Senti a minha mente entrar em parafuso.
"E - encontrado com ele...? Senhor, o que aconteceu com o Kaoru...? Ele... não vem à escola há algum tempo, mas eu..." Vendo que o homem parecia mortalmente interessado nas minhas palavras, fiquei calado. Precisava saber o que se passava.
Continue, ele incentivou, e de algum modo aquilo começava a me dar ódio. "O que aconteceu com ele? Que caderno é esse, foi encontrado aonde?" Por que estava perdendo o controle agora?
Eu não queria que ele respondesse a nenhuma das minhas perguntas, não queria que ele confirmasse nada que estivesse passando pela minha mente.
"Acalme-se, garoto, você...".
"EU PRECISO FALAR COM ELE! PRECISO VER ELE, EU PRECI-"

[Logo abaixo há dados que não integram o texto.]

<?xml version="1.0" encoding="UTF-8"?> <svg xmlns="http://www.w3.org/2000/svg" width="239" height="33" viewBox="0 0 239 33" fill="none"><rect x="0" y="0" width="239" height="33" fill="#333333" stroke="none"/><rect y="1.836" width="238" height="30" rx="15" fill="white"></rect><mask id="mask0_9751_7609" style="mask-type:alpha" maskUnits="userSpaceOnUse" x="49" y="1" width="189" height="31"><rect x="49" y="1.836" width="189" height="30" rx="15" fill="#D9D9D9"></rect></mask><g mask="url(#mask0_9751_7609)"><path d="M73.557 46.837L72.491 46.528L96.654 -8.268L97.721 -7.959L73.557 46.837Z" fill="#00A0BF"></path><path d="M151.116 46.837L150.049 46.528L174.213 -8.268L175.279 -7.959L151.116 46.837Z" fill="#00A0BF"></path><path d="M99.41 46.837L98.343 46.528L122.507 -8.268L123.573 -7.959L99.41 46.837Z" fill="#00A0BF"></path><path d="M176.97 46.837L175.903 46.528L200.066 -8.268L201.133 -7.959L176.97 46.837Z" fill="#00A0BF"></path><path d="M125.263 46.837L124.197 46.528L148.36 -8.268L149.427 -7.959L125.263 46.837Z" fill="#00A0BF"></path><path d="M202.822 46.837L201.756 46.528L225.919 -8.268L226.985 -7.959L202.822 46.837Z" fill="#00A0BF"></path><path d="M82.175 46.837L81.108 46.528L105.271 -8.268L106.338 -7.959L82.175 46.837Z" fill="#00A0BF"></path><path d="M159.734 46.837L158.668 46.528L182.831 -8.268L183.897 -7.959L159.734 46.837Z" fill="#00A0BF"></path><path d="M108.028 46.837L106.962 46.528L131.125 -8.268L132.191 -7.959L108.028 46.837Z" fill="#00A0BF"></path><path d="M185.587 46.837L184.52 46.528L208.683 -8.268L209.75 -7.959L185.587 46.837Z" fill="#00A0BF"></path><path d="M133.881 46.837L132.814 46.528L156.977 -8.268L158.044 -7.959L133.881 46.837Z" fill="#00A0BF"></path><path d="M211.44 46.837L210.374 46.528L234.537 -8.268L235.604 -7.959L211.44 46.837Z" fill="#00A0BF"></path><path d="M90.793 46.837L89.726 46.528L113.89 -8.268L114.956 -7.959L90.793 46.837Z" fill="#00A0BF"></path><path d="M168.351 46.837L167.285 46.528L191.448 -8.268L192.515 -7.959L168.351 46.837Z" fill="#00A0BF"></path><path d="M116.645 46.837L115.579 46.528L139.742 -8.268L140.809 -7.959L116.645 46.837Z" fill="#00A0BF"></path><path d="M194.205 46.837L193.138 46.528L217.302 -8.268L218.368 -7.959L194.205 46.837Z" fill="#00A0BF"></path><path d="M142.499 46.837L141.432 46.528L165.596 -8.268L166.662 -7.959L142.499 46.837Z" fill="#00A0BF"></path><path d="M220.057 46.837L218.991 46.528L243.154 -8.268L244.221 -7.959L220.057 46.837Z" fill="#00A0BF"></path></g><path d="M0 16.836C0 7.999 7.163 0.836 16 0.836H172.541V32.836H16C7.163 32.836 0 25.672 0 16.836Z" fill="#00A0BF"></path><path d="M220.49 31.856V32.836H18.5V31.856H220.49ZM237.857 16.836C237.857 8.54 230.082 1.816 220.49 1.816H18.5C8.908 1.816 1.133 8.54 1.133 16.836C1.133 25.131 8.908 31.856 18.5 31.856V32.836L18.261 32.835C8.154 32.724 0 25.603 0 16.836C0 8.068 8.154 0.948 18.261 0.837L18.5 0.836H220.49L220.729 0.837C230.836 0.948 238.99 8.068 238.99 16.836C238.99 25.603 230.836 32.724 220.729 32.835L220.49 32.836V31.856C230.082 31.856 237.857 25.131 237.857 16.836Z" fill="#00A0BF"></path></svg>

"Niikura se suicidou no banheiro dos funcionários, Daisuke." ele disse calmamente, como se a minha histeria tivesse o irritado tão profundamente a ponto de ter que me parar do pior modo possível. "Achei que soubesse."
Não. Não sabia
Em nenhuma das outras vezes em que entrei lá o banheiro me pareceu tão iluminado quanto há algumas semanas. Na verdade, o lugar estava agora tão gelado como nunca estivera, e o meu desespero era ver que o frio era muito mais interno.

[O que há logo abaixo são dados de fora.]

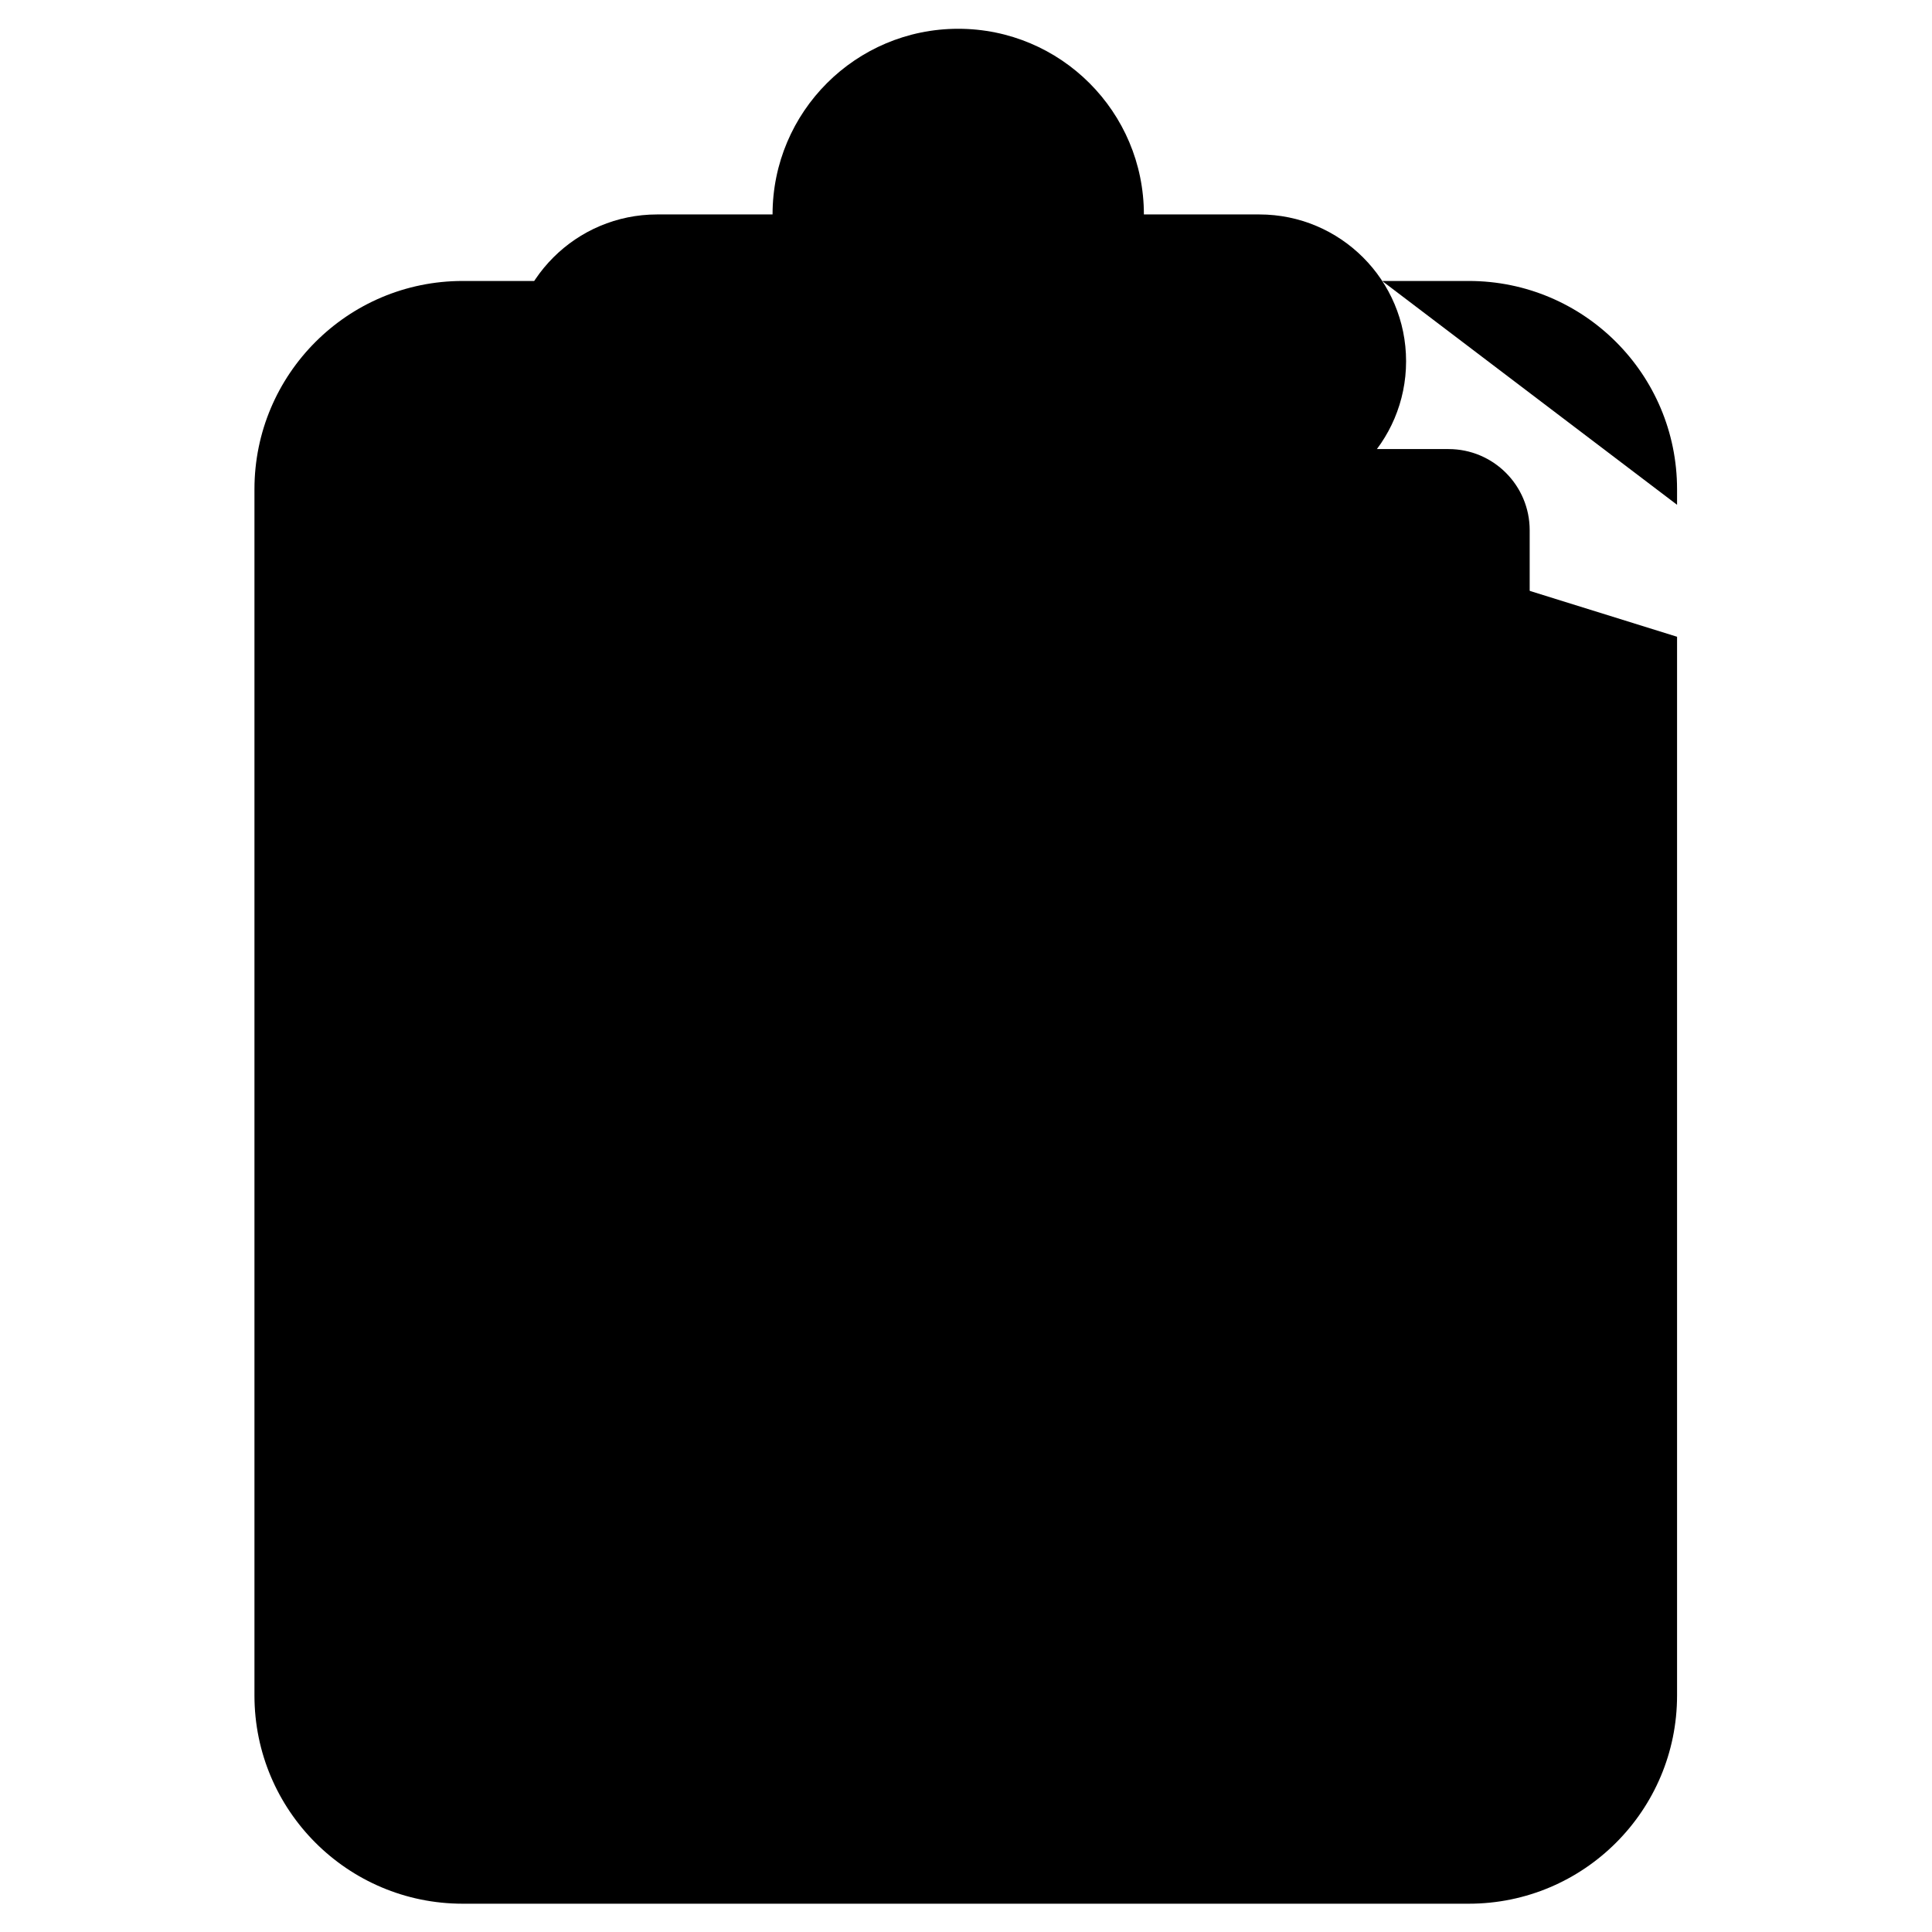 <svg xmlns="http://www.w3.org/2000/svg" width="682.667" height="682.667" viewBox="0 0 682.667 682.667"><defs><path d="M 0,512 H 512 V 0 H 0 Z"></path></defs><g id="g3549" transform="matrix(1.333,0,0,-1.333,0,682.667)"><g id="g3551"><g id="g3553"><g id="g3559" transform="translate(444.55,343.34)"><path d="m 0,0 v -280.64 c 0,-30.48 -24.72,-55.2 -55.21,-55.2 H -321.9 c -30.49,0 -55.2,24.72 -55.2,55.2 V 39.1 c 0,30.49 24.71,55.21 55.2,55.21 h 18.97"></path></g><g id="g3563" transform="translate(366.38,437.65)"><path d="m 0,0 h 22.96 c 30.49,0 55.21,-24.72 55.21,-55.21 v -4.12"></path></g><g id="g3567" transform="translate(364.983,393.09)"><path d="m 0,0 h 19 c 11.87,0 21.5,-9.63 21.5,-21.51 v -298.02 c 0,-11.87 -9.63,-21.5 -21.5,-21.5 h -255.97 c -11.87,0 -21.5,9.63 -21.5,21.5 v 298.02 c 0,11.88 9.63,21.51 21.5,21.51 h 15.01"></path></g><g id="g3571" transform="translate(303.219,455.284)"><path d="M 0,0 C 0,27.181 -22.035,49.216 -49.216,49.216 -76.397,49.216 -98.432,27.181 -98.432,0 h -30.594 c -21.488,0 -38.907,-17.419 -38.907,-38.907 v 0 c 0,-21.488 17.419,-38.908 38.907,-38.908 h 159.62 c 21.488,0 38.907,17.42 38.907,38.908 v 0 C 69.501,-17.419 52.082,0 30.594,0 Z"></path></g><g id="g3575" transform="translate(234.787,455.284)"><path d="m 0,0 c 0,-10.596 8.62,-19.216 19.216,-19.216 10.596,0 19.216,8.62 19.216,19.216 0,10.596 -8.62,19.216 -19.216,19.216 C 8.62,19.216 0,10.596 0,0 Z"></path></g><g id="g3579" transform="translate(315.804,309.53)"><path d="m 0,0 c -0.175,0 -0.347,-0.011 -0.522,-0.013 -7.031,26.161 -30.903,45.423 -59.284,45.423 -28.381,0 -52.253,-19.262 -59.284,-45.423 -0.175,0.002 -0.347,0.013 -0.522,0.013 -25.046,0 -45.35,-20.304 -45.35,-45.349 0,-25.046 20.304,-45.35 45.35,-45.35 14.786,0 27.915,7.08 36.194,18.031 7.27,-3.032 15.244,-4.712 23.612,-4.712 8.368,0 16.342,1.68 23.612,4.712 8.278,-10.951 21.408,-18.031 36.194,-18.031 25.046,0 45.349,20.304 45.349,45.35 C 45.349,-20.304 25.046,0 0,0 Z"></path></g><g id="g3583" transform="translate(196.19,218.83)"><path d="m 0,0 11.16,-16.36 c 2.5,-3.66 4.8,-7.44 6.9,-11.31"></path></g><g id="g3587" transform="translate(226.7,158.54)"><path d="m 0,0 c 2.32,-9.83 3.51,-19.95 3.51,-30.16 h 51.58 c 0,26.43 7.96,52.25 22.85,74.09 L 89.1,60.29"></path></g><g id="g3591" transform="translate(226.418,230.392)"><path d="m 0,0 c 4.7,-9.07 9.69,-18.79 10.27,-19.89 3.78,-7.15 11.22,-11.62 19.31,-11.62 4.04,0 7.93,1.12 11.27,3.13 3.35,2.01 6.15,4.92 8.04,8.49 0.49,0.93 5.4,9.87 10.72,19.5"></path></g><g id="g3595" transform="translate(146.592,116.364)"><path d="M 0,0 H 50.546"></path></g><g id="g3599" transform="translate(146.592,85.85)"><path d="M 0,0 H 79.81"></path></g></g></g></g></svg>

Me perguntava repetidamente o motivo de Kaoru ter feito aquilo e o motivo de eu estar sendo tão afetado pela morte de alguém que mal conhecia. Havia sonhado diversas vezes com ele, mas isso não significava nada. A única vez que eu realmente cheguei a tocar nele teria sido nesse mesmo banheiro... E eu nem sabia se aquilo fora real.
Por que não podia acordar e descobrir que estava sendo tudo mais um sonho?
Eu sabia que a partir daquele dia não teria mais paz. Havia me apaixonado por alguém com quem sonhava todas as noites, por alguém que não estava mais ao meu alcance...
A não ser que queira seguir os mesmos passos dele, o pequeno estilete no meu bolso parecia não cansar de me lembrar.
Mas eu nunca soube viver a vida como ele. Não seria agora que conseguiria.
Tirando da minha pasta o caderno em que tantas vezes eu vira Kaoru escrevendo, eu me condenei a viver sonhando.